Varias son las señales que nos indican otra cosa. Y aquí no estoy pensando, sólo, en las cifras. El miedo sigue siendo una emoción basal en la vida de demasiadas mujeres, una presencia que se delata en nuestros reflejos, aunque pensemos que no está allí. Hace un par de semanas, nos enterábamos de la muerte de un par de chicas que viajaban por Ecuador, y nuevamente tuvimos que escuchar preguntas que ya no debieran hacerse, si viviéramos en el mundo en que decimos vivir. Yo recordé inmediatamente a alguna amiga que vivió situaciones violentas durante algún viaje, que por puro azar no terminaron con ella en una bolsa de basura. La semana anterior, otra amiga me llama y me relata que ha tomado conciencia de venir saliendo de una relación abusiva. Hablo con ella largamente. ¿Cómo sé que decirle? Pues lo sé porque no es primera vez que tengo esa conversación. Leo en redes sociales el posteo de una tercera amiga que dice que su hija empezará a irse en micro al colegio, y que tiene miedo por eso, y que le da tanta rabia tener que seguir teniendo miedo por eso.

Y recuerdo todas y cada una de mis experiencias personales de acoso callejero, a manos de sujetos y de grupos de sujetos, que me hicieron sentir miedo. Y rabia. A lo que voy es: todas tenemos historias. Todas conocemos a alguien. Todas hemos estado en alguno de los dos extremos de esa conversación. Todas tenemos una amiga que ha vivido acoso en su trabajo, en distintos grados. Todas hemos vivido la violencia como amenaza o como realidad, incluso en los mundos más “instruidos” y pretendidamente “civilizados”. ¿Micromachismos? Mis polainas. El miedo sigue ahí, la violencia sigue ahí. Quizás la diferencia es que, en la dupla miedo y rabia, la segunda parece hablar cada vez más alto.

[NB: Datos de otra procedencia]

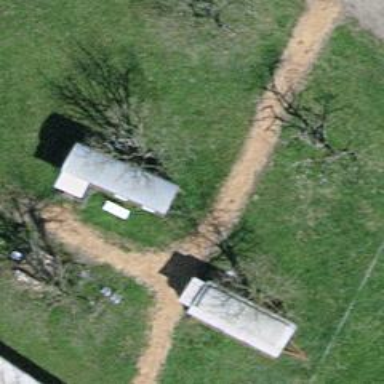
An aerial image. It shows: Single tag "natural: tree."
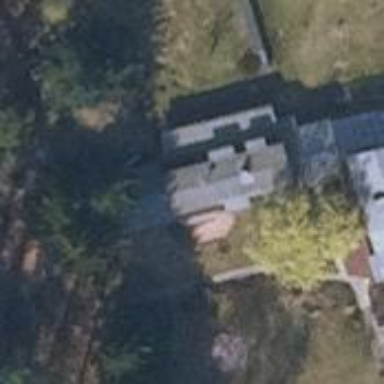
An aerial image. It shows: Guest house that is used as residence.

La rabia del depredador, la emancipación inconclusa, la rabia de la presa que ya no quiere vivir con miedo. En esas coordenadas estamos. Es tierra fértil para la violencia, si me preguntan a mí, desde un análisis que tiene poco rigor sociológico. En los regímenes autoritarios, es sabido, la represión recrudece cuando la población pierde el miedo. Es una situación que amerita ponernos más alertas que nunca, y proteger de forma decidida a quienes están más expuestas, a las que están rompiendo con el patrón. Porque lo que no puede ocurrir, lo que no puede pasar por ningún motivo, es que seguir avanzando por la ruta de la autonomía y la igualdad se transforme en una fuente de miedo. Porque no podemos tener miedo a perder el miedo. Porque el miedo no puede, no debe, inmovilizarnos nunca más.